Baie du Mont Saint Michel (de nouveau)

La baie est à 100 km de Caen, quelque chose comme 98 km entre Genêts et Caen à vol d’oiseau. ça tombe bien parce que c’est justement le genre d’endroit où l’on a envie d’aller après deux mois de confinement. Et ça tombe bien parce qu’il fait beau et que l’endroit n’a rien perdu ni de son charme ni de son éclat. Même si d’année en année le paysage change, les cours d’eau voient leurs cours se modifier, les herbus qui ont reculé pendant un temps gagnent sur la mer maintenant, de ce côté ci de la baie en tout cas.
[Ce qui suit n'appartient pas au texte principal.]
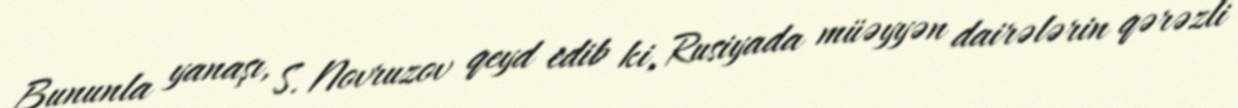
Bununla yanaşı, S. Novruzov qeyd edib ki, Rusiyada müəyyən dairələrin qərəzli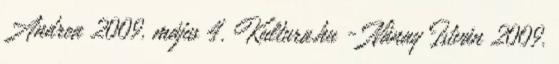
Andrea 2009. május 4. Kultura.hu - Nánay István 2009.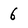
Character: 6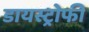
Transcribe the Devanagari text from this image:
डायस्ट्रोफी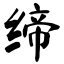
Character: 缔
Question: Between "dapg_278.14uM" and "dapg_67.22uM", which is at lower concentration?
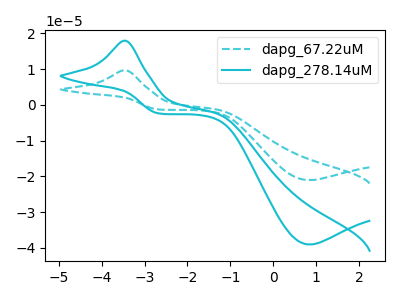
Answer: <think>The cyan dashed curve "dapg_67.22uM" has an anodic peak at (-3.45V, 9.65uA) and a cathodic peak at (0.85V, -21.05uA). The cyan curve "dapg_278.14uM" has an anodic peak at (-3.45V, 17.95uA) and a cathodic peak at (0.85V, -39.05uA).
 All the peaks in "dapg_278.14uM" have a peak in "dapg_67.22uM" at the same potential. Every peak in "dapg_278.14uM" is higher than every peak in "dapg_67.22uM".</think>
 <answer>"dapg_278.14uM" has more signal than "dapg_67.22uM" and so likely has a higher concentration.</answer>
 <eval>more_concentration</eval>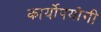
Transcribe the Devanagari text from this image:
कार्योपयोगी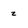
Character: z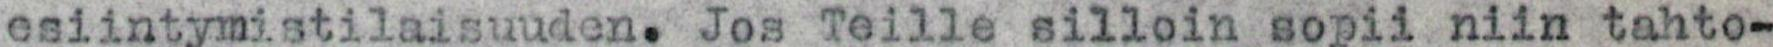
esiintymistilaisuuden. Jos Teille silloin sopii niin tahto-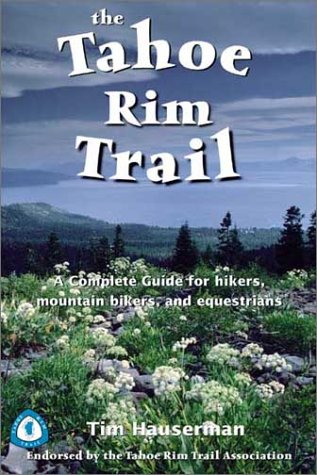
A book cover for The Tahoe Rim Trail: A Complete Guide for Hikers, Mountain Bikers, and Equestrians; Tim Hauserman; Travel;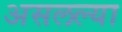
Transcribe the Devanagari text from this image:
असलल्या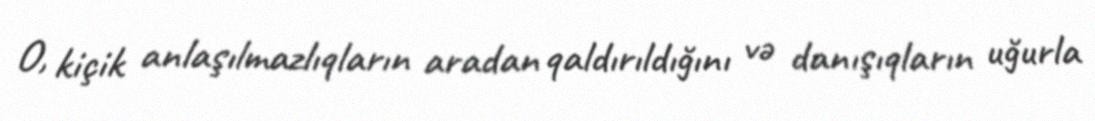
O, kiçik anlaşılmazlıqların aradan qaldırıldığını və danışıqların uğurla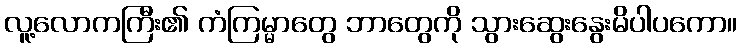
လူ့လောကကြီး၏ ကံကြမ္မာတွေ ဘာတွေကို သွားဆွေးနွေးမိပါပကော။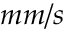
m m / s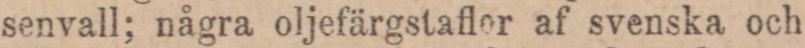
senvall; några oljefärgstaflor af svenska och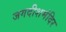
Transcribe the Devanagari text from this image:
जगदीशमंदिर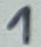
Text: 1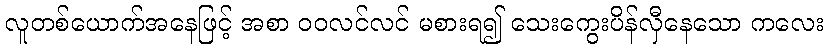
လူတစ်ယောက်အနေဖြင့် အစာ ဝဝလင်လင် မစားရ၍ သေးကွေးပိန်လှီနေသော ကလေး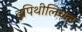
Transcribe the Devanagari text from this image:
इपिथीलियल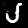
Label: 5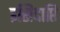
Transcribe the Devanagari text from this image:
इसिदाप्ति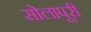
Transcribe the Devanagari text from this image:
सोलापूरी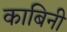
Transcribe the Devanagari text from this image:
काबिनी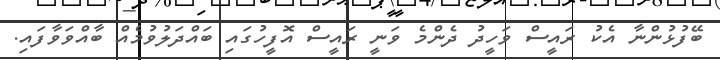
ބޭފުޅުންނާ އެކު ރައީސް ވަހީދު ދެންމެ ވަނީ ރައީސް އޮފީހުގައި ބައްދަލުވުމެއް ބާއްވަވާފައި.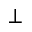
^ \perp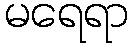
မရေရာ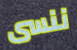
ننسى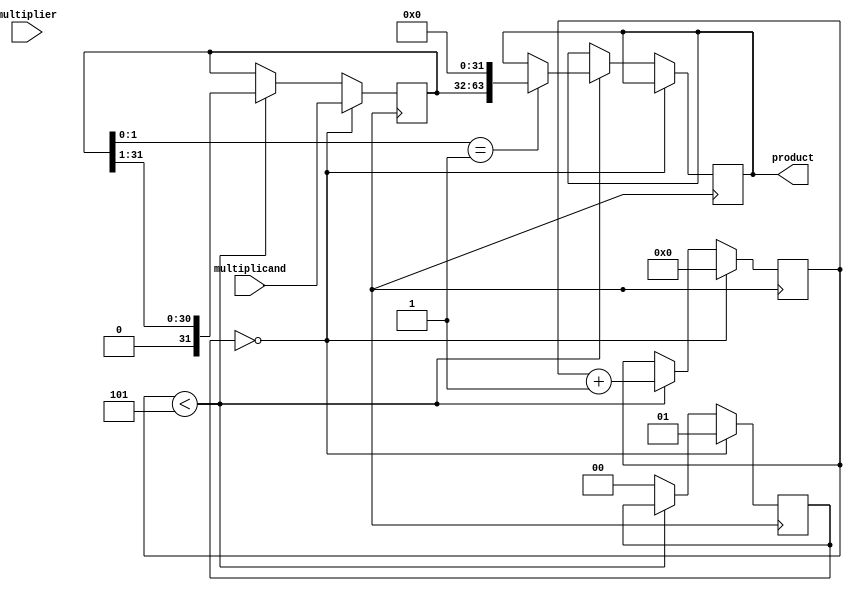
module booth_multiplier(
    input wire [31:0] multiplicand,
    input wire [31:0] multiplier,
    output reg [63:0] product
);

reg [31:0] A;
reg [31:0] S;
reg [4:0] count;
reg regB;
reg [1:0] control;

always @(posedge clock) begin
    if (control == 2'b00) begin
        A <= {32'b0, multiplicand};
        S <= {32'b0, -multiplicand}; 
        regB <= 1'b1;
        count <= 5'b00000;
        control <= 2'b01;
    end
    else begin
        if (count < 5) begin
            if ({A[1:0], 2'b0} == 3'b100) begin
                A <= A + multiplier;
                product <= {A, 32'b0};
            end
            else if ({A[1:0], 2'b0} == 3'b011) begin
                A <= A - multiplier;
                product <= {A, 32'b0};
            end
            else if ({A[1:0], 2'b0} == 3'b010) begin
                A <= A + S;
                product <= {A, 32'b0};
            end
            else if ({A[1:0], 2'b0} == 3'b001) begin
                A <= A - S;
                product <= {A, 32'b0};
            end
            A <= A >> 1;
            count <= count + 1;
        end
        else begin
            control <= 2'b00;
        end
    end
end

endmodule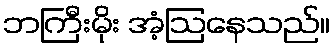
ဘကြီးမိုး အံ့ဩနေသည်။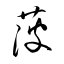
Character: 菠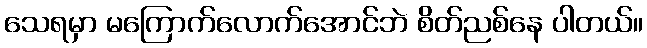
သေရမှာ မကြောက်လောက်အောင်ဘဲ စိတ်ညစ်နေ ပါတယ်။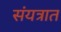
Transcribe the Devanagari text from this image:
संयत्रात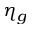
\eta _ { g }

Mais le charme est intact, la magie du lieu, le calme, la lumière, le bruit de l’eau quand elle monte, même si ce n’étaient pas de grandes marées…. La présence du Mont et de Tombelaine.

Pour les moutons comme pour le promeneur il faisait chaud….
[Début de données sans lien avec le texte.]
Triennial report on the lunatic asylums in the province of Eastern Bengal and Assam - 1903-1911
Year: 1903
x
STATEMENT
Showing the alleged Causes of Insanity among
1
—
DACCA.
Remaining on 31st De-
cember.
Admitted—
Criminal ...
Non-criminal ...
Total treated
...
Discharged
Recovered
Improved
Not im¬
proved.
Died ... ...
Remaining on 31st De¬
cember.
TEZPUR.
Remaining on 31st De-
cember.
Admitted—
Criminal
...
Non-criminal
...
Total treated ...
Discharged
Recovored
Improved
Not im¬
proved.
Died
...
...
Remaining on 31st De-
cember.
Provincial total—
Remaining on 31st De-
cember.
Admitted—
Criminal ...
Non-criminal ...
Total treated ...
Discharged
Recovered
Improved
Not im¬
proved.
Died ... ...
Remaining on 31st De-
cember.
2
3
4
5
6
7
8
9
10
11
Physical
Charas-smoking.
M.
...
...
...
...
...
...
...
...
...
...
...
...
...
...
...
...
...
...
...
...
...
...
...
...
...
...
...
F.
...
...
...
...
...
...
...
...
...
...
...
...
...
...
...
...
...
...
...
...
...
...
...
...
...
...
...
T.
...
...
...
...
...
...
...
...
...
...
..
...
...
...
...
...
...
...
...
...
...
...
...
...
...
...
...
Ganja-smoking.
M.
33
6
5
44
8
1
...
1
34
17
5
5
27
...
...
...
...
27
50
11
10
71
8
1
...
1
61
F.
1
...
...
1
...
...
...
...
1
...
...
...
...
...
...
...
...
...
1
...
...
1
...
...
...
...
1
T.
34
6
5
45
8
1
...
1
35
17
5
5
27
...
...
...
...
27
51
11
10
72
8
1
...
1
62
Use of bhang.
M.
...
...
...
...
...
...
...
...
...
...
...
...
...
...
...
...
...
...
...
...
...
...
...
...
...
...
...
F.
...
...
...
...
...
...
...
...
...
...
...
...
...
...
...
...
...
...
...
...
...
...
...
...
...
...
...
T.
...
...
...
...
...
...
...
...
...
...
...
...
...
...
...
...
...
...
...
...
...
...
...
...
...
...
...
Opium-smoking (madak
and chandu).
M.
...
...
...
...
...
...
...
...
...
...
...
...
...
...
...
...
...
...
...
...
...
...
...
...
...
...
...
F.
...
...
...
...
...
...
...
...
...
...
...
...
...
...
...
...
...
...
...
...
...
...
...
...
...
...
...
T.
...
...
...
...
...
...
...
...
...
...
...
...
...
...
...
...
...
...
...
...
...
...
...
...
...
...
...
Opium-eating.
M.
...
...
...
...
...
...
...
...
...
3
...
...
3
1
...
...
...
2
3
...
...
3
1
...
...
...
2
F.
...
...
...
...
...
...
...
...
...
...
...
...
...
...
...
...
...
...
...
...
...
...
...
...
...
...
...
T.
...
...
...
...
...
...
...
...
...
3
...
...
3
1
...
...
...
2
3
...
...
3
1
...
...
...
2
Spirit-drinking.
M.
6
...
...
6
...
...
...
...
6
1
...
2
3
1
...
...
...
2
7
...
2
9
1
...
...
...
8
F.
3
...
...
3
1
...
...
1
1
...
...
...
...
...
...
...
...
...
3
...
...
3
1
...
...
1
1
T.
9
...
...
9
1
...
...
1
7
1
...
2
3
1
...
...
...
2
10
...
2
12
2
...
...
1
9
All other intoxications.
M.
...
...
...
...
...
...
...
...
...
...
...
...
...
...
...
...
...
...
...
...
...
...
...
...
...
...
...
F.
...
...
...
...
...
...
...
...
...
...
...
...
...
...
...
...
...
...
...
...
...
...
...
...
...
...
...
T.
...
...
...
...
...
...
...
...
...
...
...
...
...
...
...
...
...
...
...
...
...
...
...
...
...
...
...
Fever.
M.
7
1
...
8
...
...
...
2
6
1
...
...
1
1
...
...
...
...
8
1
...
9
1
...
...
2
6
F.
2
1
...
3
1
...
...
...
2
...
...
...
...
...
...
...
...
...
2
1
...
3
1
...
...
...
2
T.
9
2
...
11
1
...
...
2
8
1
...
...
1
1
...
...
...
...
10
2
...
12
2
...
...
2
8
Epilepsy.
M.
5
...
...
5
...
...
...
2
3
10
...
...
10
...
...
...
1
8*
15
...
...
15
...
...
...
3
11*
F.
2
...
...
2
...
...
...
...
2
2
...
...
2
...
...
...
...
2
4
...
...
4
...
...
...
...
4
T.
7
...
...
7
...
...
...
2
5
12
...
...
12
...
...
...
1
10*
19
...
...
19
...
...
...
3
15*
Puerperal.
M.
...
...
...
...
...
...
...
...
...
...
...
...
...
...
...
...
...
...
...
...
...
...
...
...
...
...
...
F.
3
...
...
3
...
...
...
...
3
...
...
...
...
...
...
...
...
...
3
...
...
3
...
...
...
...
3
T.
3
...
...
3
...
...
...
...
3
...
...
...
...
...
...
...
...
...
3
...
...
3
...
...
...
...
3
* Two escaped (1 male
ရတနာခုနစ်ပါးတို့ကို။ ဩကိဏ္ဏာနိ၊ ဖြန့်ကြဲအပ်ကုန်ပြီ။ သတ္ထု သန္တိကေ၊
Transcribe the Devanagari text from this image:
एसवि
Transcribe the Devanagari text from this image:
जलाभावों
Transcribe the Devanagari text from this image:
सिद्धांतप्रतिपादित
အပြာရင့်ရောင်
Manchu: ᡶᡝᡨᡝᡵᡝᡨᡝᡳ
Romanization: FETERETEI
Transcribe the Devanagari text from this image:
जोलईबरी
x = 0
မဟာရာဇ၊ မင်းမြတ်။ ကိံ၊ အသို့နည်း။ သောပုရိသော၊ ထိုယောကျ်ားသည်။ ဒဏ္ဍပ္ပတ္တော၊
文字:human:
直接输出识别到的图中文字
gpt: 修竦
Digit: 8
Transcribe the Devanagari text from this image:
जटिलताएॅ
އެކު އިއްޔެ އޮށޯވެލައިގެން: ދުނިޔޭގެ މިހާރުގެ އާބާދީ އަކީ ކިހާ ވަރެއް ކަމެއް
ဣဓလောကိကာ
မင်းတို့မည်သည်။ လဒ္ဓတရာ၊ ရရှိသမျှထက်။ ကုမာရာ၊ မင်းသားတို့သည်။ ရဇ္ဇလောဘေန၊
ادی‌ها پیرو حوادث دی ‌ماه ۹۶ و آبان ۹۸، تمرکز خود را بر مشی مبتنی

Éloge du coquelicot [4] et de l’églantine – Éloge de l’ombre

Au cours d’une balade dans la baie du Mont Saint Michel, il faisait très chaud, du coup une attention spéciale aux fleurs qui se trouvaient à l’ombre. En faisant le tri, entre deux interventions sur les fichiers RAW, me vient le titre d’un livre : Eloge de l’ombre, Tanizaki Junichiro. Une phrase à propos des objets en laque dont il dit qu’ils étaient « … conçus pour être devinés, dans un lieu obscur, dans une lueur diffuse, qui, par instant, en révèle l’un ou l’autre détail, de telle sorte que, … il suscite des résonances inexprimables » . Eloge de l’Ombre p 43.

ça leur va très bien, l’ombre, aux coquelicots et aux églantines. Je crois bien que l’églantine est la fleur que je préfère, la délicatesses de la simplicité parfaite.

Éloge du coquelicot [3] (Nous voulons des coquelicots)

Les petites promenades du matin, pendant le « confinement », et l’après midi avec mon père, m’ont fait rencontrer des coquelicots, qui m’ont semblé plus rouges cette année (allez savoir pourquoi) à l’exception de ces coquelicots roses sur un chantier, comme je n’en avais jamais vu. Alors poursuivons l’éloge des coquelicots, la fleur « gratuite » par excellence, fragile et insistante, qui revient quand on ne l’attend pas, sorte de mauvaise conscience, la nature incontrôlable, qui revient par les talus, les murs un peu délaissés.

La Bataille [3 suite]

Il y a quelque chose de fascinant dans le spectacle de la reconquête du terrain par la végétation. Celle-ci semble exploser ces deux dernières années, elle dévore l’usine et en ce printemps troublé, cela a quelques chose d’un rappel : « Vous n’êtes que de passage ».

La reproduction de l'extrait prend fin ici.